Enfin, la Commissaire a souligné l'importance d'une bonne coopération entre les autorités et la société civile, rappelant le devoir d'assurer un environnement de travail favorable aux défenseurs des droits humains. L'implication des organisations de la société civile dans les groupes de travail mis en place pour élaborer la législation est un exemple de bonne pratique. La Commissaire a salué la contribution du Protecteur des droits humains et des libertés (institution du médiateur) au renforcement de la protection des droits humains dans le pays. Elle a souligné que les autorités devraient entreprendre d'urgence, en consultation avec le Protecteur, une révision de la loi régissant le travail de l'institution, afin de garantir qu'elle fonctionne en pleine conformité avec les Principes de Paris des Nations Unies et qu'elle puisse être accréditée avec un statut ‘A’ par l'Alliance mondiale des institutions nationales des droits de l'homme des Nations Unies. 

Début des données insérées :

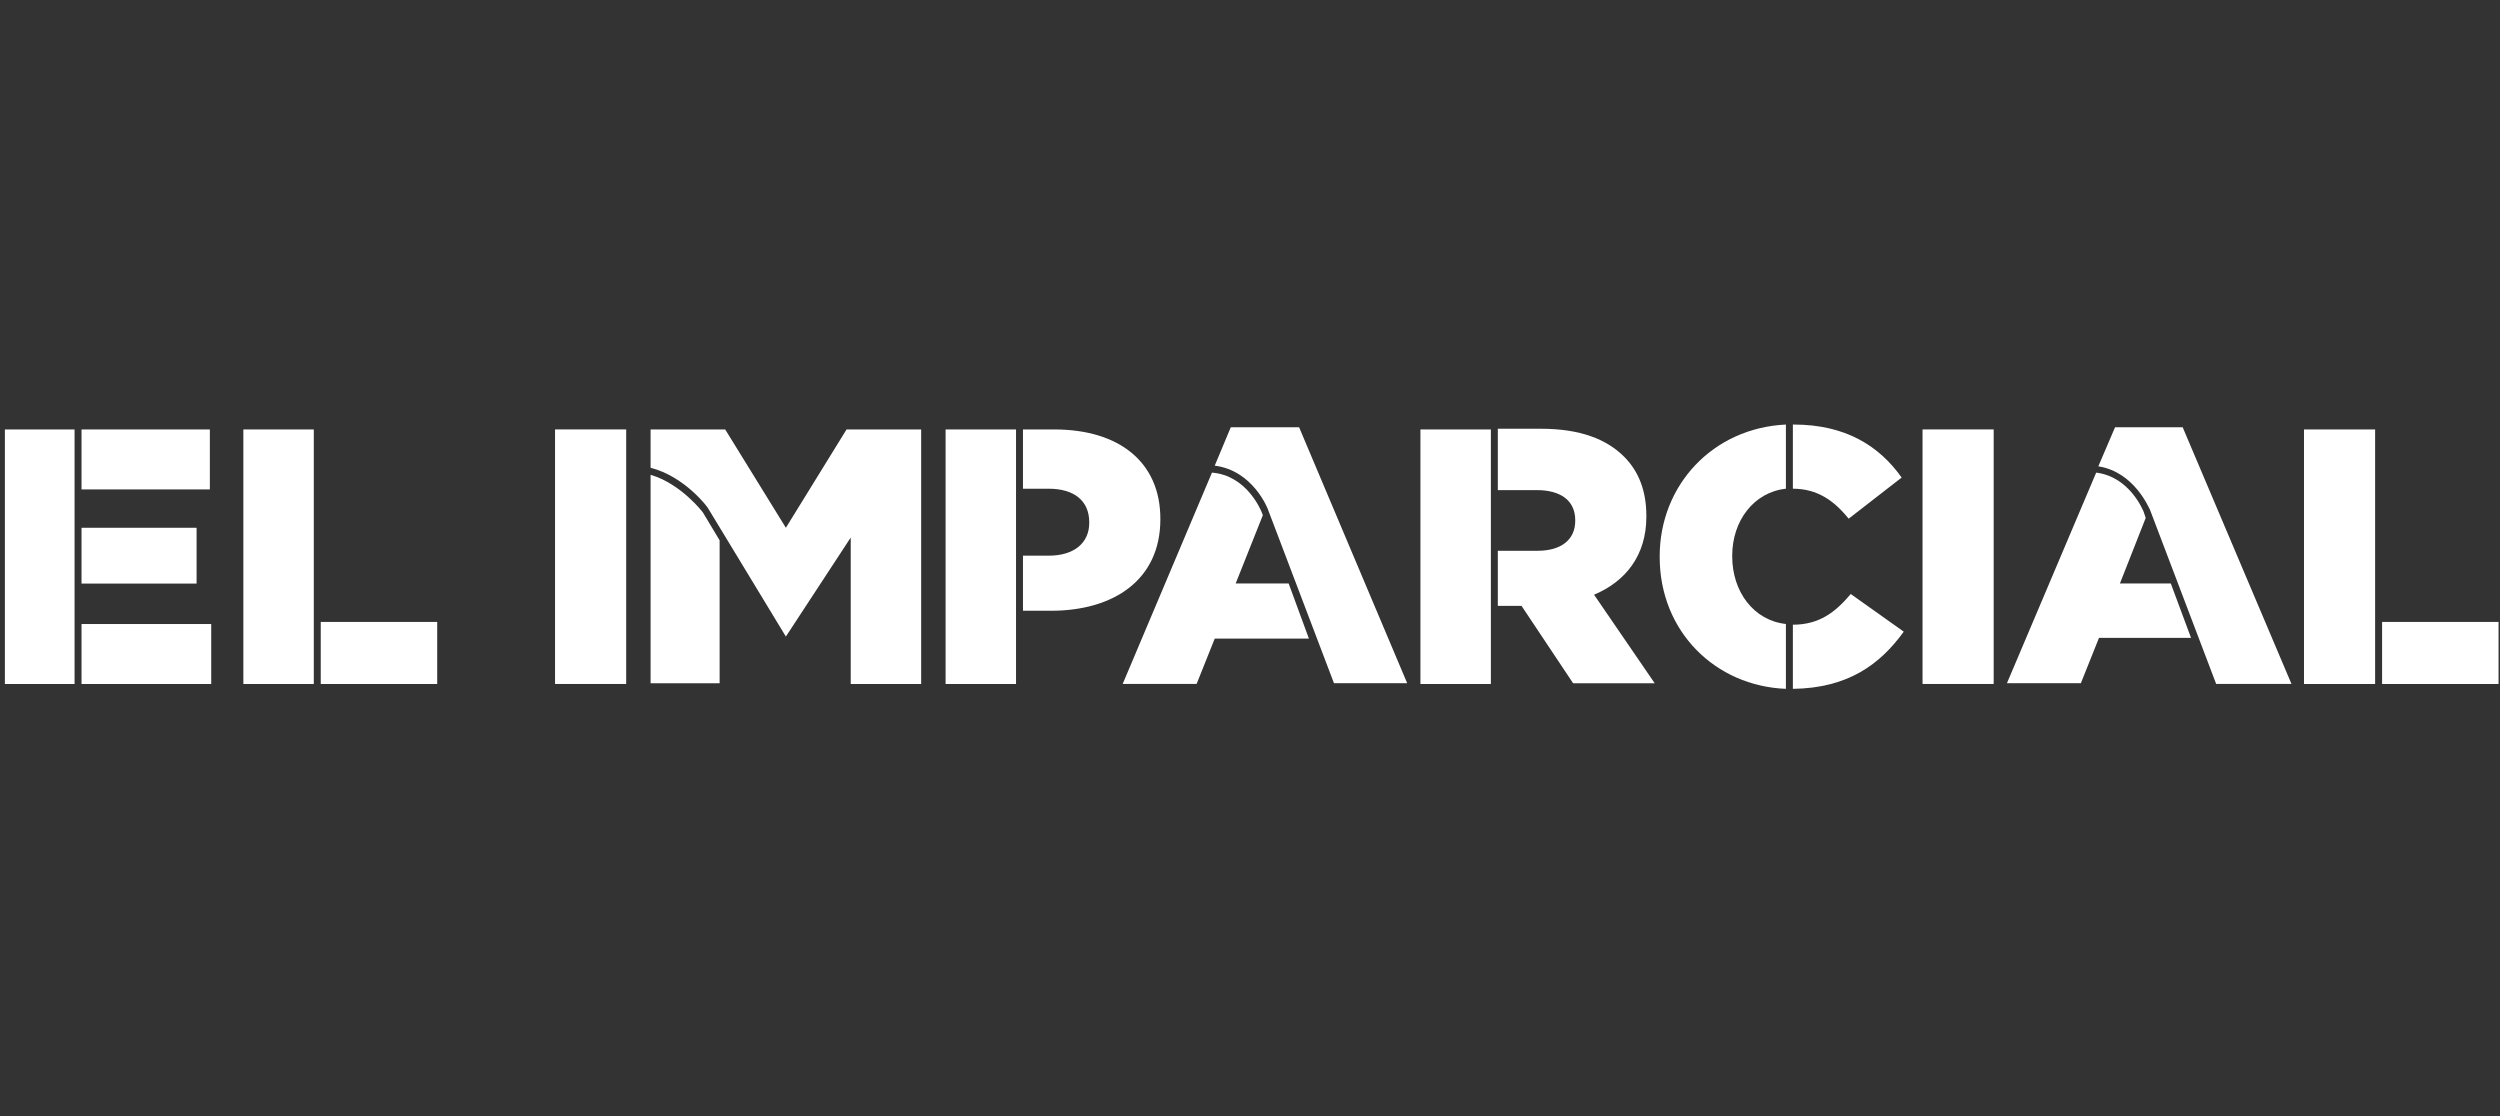 <svg width="224" height="100" viewBox="0 0 224 100" fill="none" xmlns="http://www.w3.org/2000/svg">
<rect x="0" y="0" width="224" height="100" fill="#333333" stroke="none"/>
<g clip-path="url(#clip0_69_87)">
<path d="M56.106 38.477H49.732V61.283H56.106V38.477Z" fill="white"/>
<path d="M62.979 45.915C62.979 45.915 61.042 43.353 58.293 42.541V61.223H64.478V48.414L62.979 45.915Z" fill="white"/>
<path d="M70.414 47.289L64.978 38.479H58.293V41.915C61.292 42.665 63.416 45.414 63.479 45.602L70.414 57.036L76.225 48.163V61.285H82.536V38.479H75.85L70.414 47.289Z" fill="white"/>
<path d="M91.036 38.479H84.725V61.285H91.036V38.479Z" fill="white"/>
<path d="M103.968 46.539V46.477C103.968 41.415 100.282 38.479 94.471 38.479H91.659V43.79H93.971C96.22 43.79 97.595 44.852 97.595 46.789V46.851C97.595 48.663 96.22 49.788 93.971 49.788H91.659V54.724H94.159C99.844 54.724 103.968 51.913 103.968 46.539Z" fill="white"/>
<path d="M39.174 55.725H28.739V61.286H39.174V55.725Z" fill="white"/>
<path d="M28.116 53.537V38.479H21.805V61.285H28.116V53.537Z" fill="white"/>
<path d="M18.802 38.479H7.305V43.852H18.802V38.479Z" fill="white"/>
<path d="M17.614 47.289H7.305V52.288H17.614V47.289Z" fill="white"/>
<path d="M6.681 38.479H0.433V61.285H6.681V38.479Z" fill="white"/>
<path d="M18.926 55.913H7.305V61.286H18.926V55.913Z" fill="white"/>
<path d="M189.508 38.285L188.009 41.784C191.258 42.284 192.57 45.596 192.632 45.658L198.568 61.279H205.316L195.569 38.285H189.508Z" fill="white"/>
<path d="M194.505 52.281H189.944L192.256 46.407L192.068 45.845C192.006 45.72 190.818 42.721 187.819 42.346L179.822 61.216H186.445L188.069 57.154H196.317L194.505 52.281Z" fill="white"/>
<path d="M178.633 38.477H172.26V61.283H178.633V38.477Z" fill="white"/>
<path d="M223.87 55.725H213.435V61.286H223.87V55.725Z" fill="white"/>
<path d="M212.811 54.099V38.479H206.438V61.285H212.811V54.099Z" fill="white"/>
<path d="M110.277 38.285L108.84 41.722C112.277 42.159 113.589 45.596 113.589 45.596L119.525 61.217H126.085L116.401 38.285H110.277Z" fill="white"/>
<path d="M115.465 52.281H110.716L113.153 46.157L113.028 45.845C112.965 45.72 111.716 42.596 108.592 42.346L100.594 61.278H107.217L108.841 57.217H117.277L115.465 52.281Z" fill="white"/>
<path d="M133.582 38.479H127.271V61.285H133.582V38.479Z" fill="white"/>
<path d="M147.514 46.289V46.226C147.514 43.977 146.827 42.227 145.515 40.915C143.953 39.353 141.578 38.416 138.079 38.416H134.205V43.914H137.704C139.829 43.914 141.141 44.852 141.141 46.601V46.664C141.141 48.351 139.891 49.35 137.767 49.35H134.205V54.287H136.267H136.33L140.953 61.222H148.264L142.828 53.287C145.64 52.1 147.514 49.788 147.514 46.289Z" fill="white"/>
<path d="M160.641 43.788C162.828 43.788 164.327 44.85 165.639 46.475L170.388 42.788C168.389 39.976 165.39 38.039 160.703 38.039H160.641V43.788Z" fill="white"/>
<path d="M160.641 55.973V61.721C165.577 61.658 168.451 59.534 170.576 56.597L165.827 53.223C164.452 54.848 163.015 55.973 160.641 55.973Z" fill="white"/>
<path d="M160.017 55.909C157.143 55.597 155.206 53.035 155.206 49.849V49.786C155.206 46.662 157.143 44.1 160.017 43.788V38.039C153.456 38.352 148.708 43.475 148.708 49.849V49.911C148.708 56.597 153.706 61.47 160.017 61.72V55.909Z" fill="white"/>
</g>
<defs>
<clipPath id="clip0_69_87">
<rect width="223.438" height="100" fill="white" transform="translate(0.438)"/>
</clipPath>
</defs>
</svg>

Au cours de sa visite, la Commissaire a rencontré le Président du Monténégro Jakov Milatović, le Premier ministre Milojko Spajić, le Ministre des Affaires étrangères Filip Ivanović, le Ministre de la Justice Andrej Milović et le Ministre des Droits humains et des minorités Fatmir Gjeka. Elle a également rencontré le Protecteur des droits humains et des libertés Siniša Bjeković, ainsi que des organisations de la société civile et des journalistes. La Commissaire a également visité l'exposition ‘Histoires de Srebrenica’ ("Priče iz Srebrenice") au Centre de documentation sur les crimes de guerre de Podgorica, organisée en coopération avec le Centre commémoratif de Srebrenica.